Без двойников - страница 19
Свечи в ночи, молчание, тёмных теней качание, долгое вновь прощание, ветер, уменье ждать.
Встреча в пути нежданная, осень, пора туманная, верность, весна желанная, гордость и благодать.
Стан – это круг живой.
Сад с золотой листвой.
Стан: драгоценный сон.
Стан. Или, может, – стон?
Стан: отрицанье стен.
Стень. Или – кровь из вен.
Стан. И над ним – звезда.
Творческая среда.
Никогда не был я перебежчиком, никогда не пытался подладиться к чему-нибудь, чуждому мне, противному, неприятному, отвратительному, ненужному, ради мнимых каких-то выгод и дешёвых базарных льгот, в общей стадности, групповщине, по какой-нибудь там причине пребывать, от кого-то зависеть, изловчиться, как-то подстроиться – к чему и кому? зачем?
Одиночество – мне по нраву.
Я имею на это право.
В этом – доблесть моя. И слава.
Путь в грядущее. Насовсем.
Был всегда я сам по себе.
И за всё – спасибо судьбе.
Потому что она – моя.
Вместе с клеймами жития.
Образ времени. Голос. Речь.
Всё, что с детства сумел сберечь.
Всё, что создал – во мгле земной.
И поэтому Бог – со мной.
Литературоведам и нынешним искусствоведам, людям, с большим запозданием идущим за нами следом, всяким, и потолковее, и по верхам глядящим, чающим пустословия, с умничаньем скользящим, амбициозным часто, вот, мол, они зубасты, многого просто не знающим, что-нибудь вечно хающим, что-нибудь возвышающим, что-то за всех решающим, удобно сбивать нас в стаи, в какие-то группы, течения, вроде организаций общественных, с канцелярским, компьютерным и чернильным неистребимым душком, – так им проще намного, привычнее, так спокойнее, по традиции, устаревшей давно, замшелой, только нет им до этого дела, только что им чей-нибудь смелый взгляд на вещи, им недосуг разбираться во всём, что было, что дышало в полную силу, что наполнило кровью жилы, чьею новью светло вокруг, так, на всякий случай, надёжнее, так удобнее, прежде всего.

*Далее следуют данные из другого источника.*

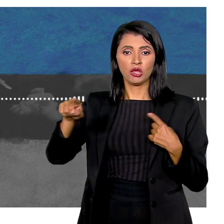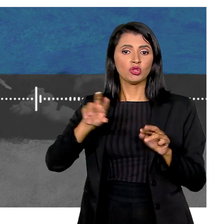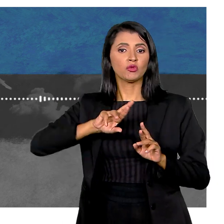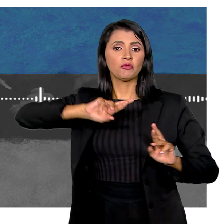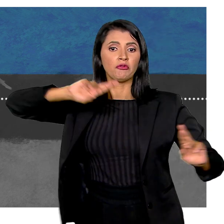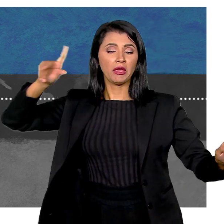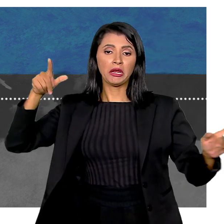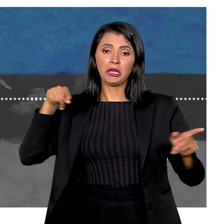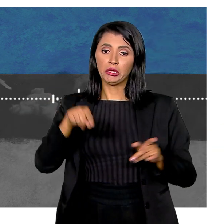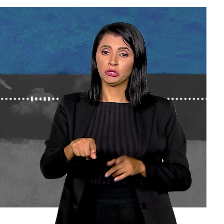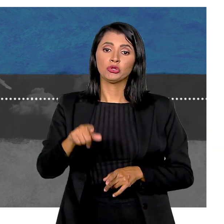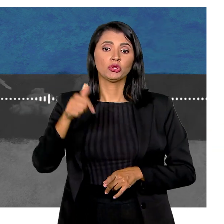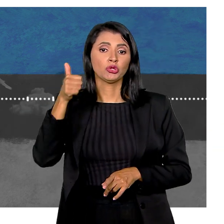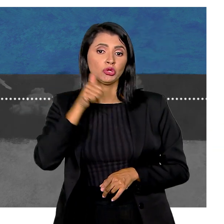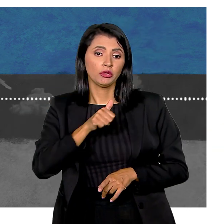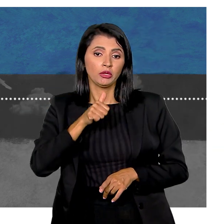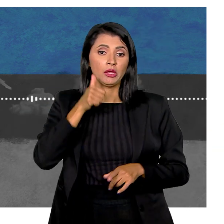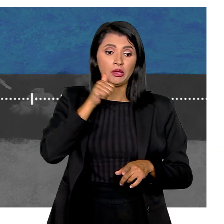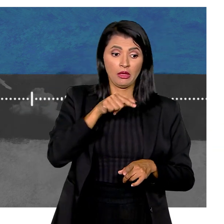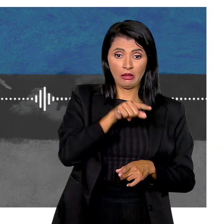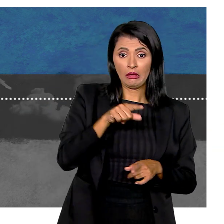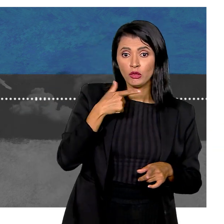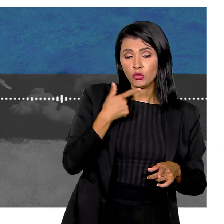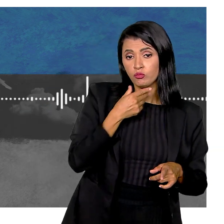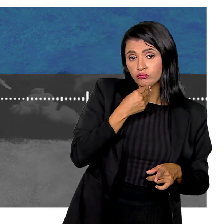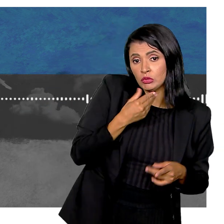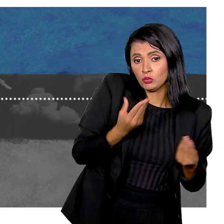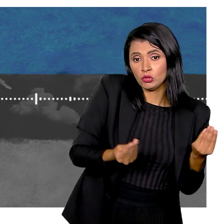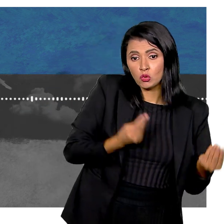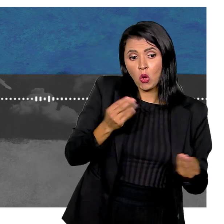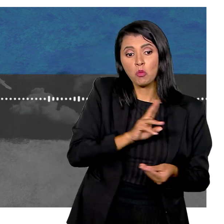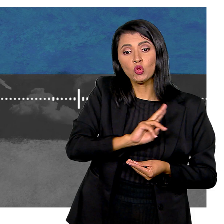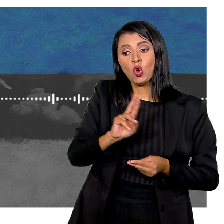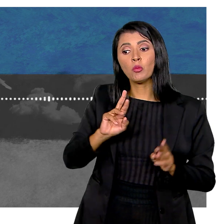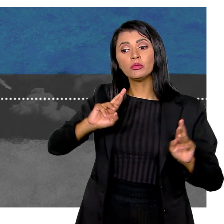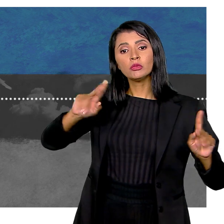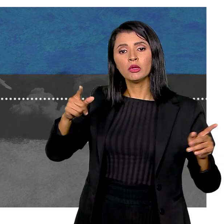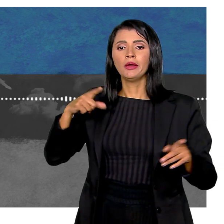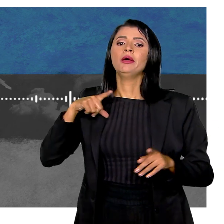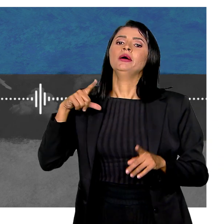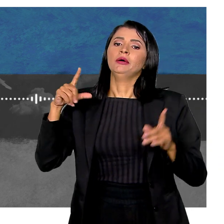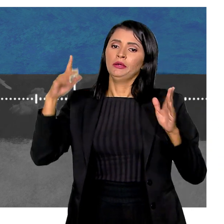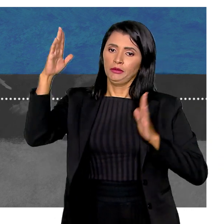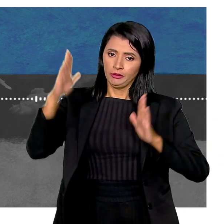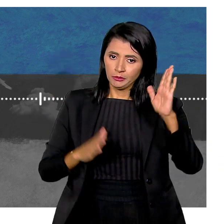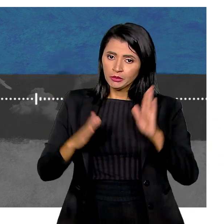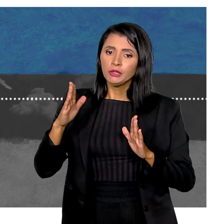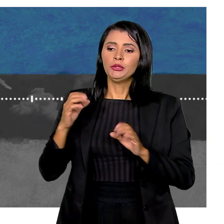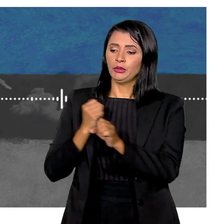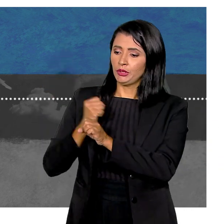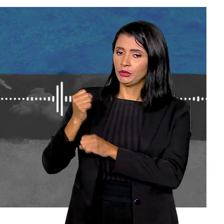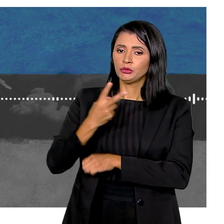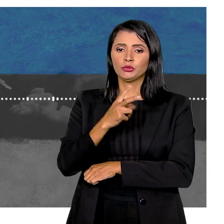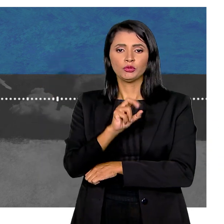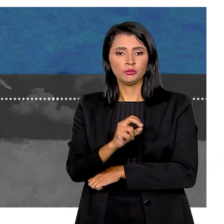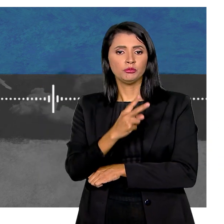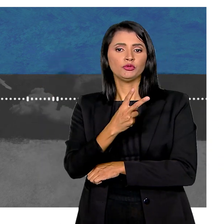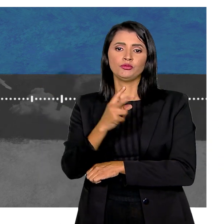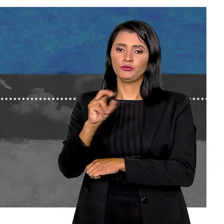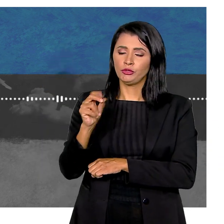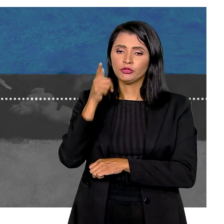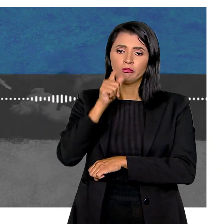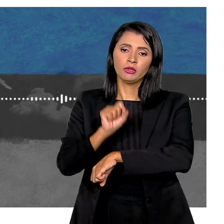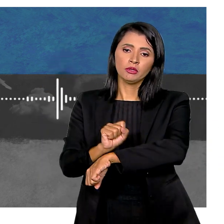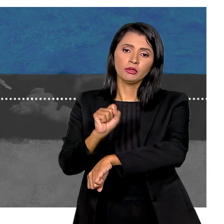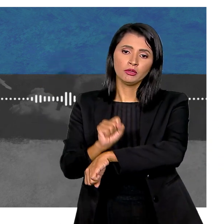com o sexo que está no plano É um exame feminino E o plano é masculino O nome Então eu tive todo esse período Nesse ano de

Но литературу, искусство и в былые года, и теперь, в наше с вами, вроде свободное от нелепых оков и запретов, от всего, что мешало дышать, петь, работать, рваться в пространство, познавать этот мир, в котором, слава Богу, все мы, земляне, современники и соратники дорогие, доселе живём, а на самом-то деле сложное, как и прежде, как и всегда, как и в будущем, полагаю, тоже будет когда-нибудь, время, создавали и создают – личности, единицы.
При любых обстоятельствах я, искони, всегда и везде, на юдольном пути, ведущем к заповедной звезде, стремился, восставая из бед упрямо, воскресая в огне, встречая новый день, словно дар небесный, оставаться самим собой.
Разрушению мира я противостою – словом.
II
В разношёрстной орде, именуемой ныне, оптом, не без претензии, да и не без гордыни, отечественным «другим искусством», есть редчайшие люди, жизнь которых без малейшей натяжки можно назвать житием.
Все они стали легендами.
Этих творцов, изведавших и выдержавших небывалое горение, – мало.
Но художников самого высокого ранга – много и не бывает.
Впору вспомнить – в который раз, не случайно, – Аполлинера:
Есть особые люди средь нас
Что встают подобно холмам
И грядущее прозревают
Настоящего много лучше
И отчётливей чем былое.
Именно они, эти, смело можно сказать – избранные, считанные, неповторимые в своей бесспорной, природной подлинности наши современники, друзья, приятели или знакомые немалого числа с переменным успехом здравствующих и функционирующих сограждан, а также коренных и свежеиспечённых жителей зарубежных стран, именно они, герои грандиозного по масштабам действа, стержневой идеей которого было становление духа, а основными целями – свободное самовыражение и решительное обновление художественного языка эпохи, буквально на наших глазах превратились в легенды, они ушли в них, каждый – в свою, столь же естественно, как и жили, как переезжают, положим, в новый дом, более просторный и светлый, нежели предыдущий, и входят в него не в качестве гостей, а закономерными хозяевами, зная заведомо и твёрдо, что пристанище это – уже не временное, а надолго, и что оно – их собственное, а не чьё-нибудь.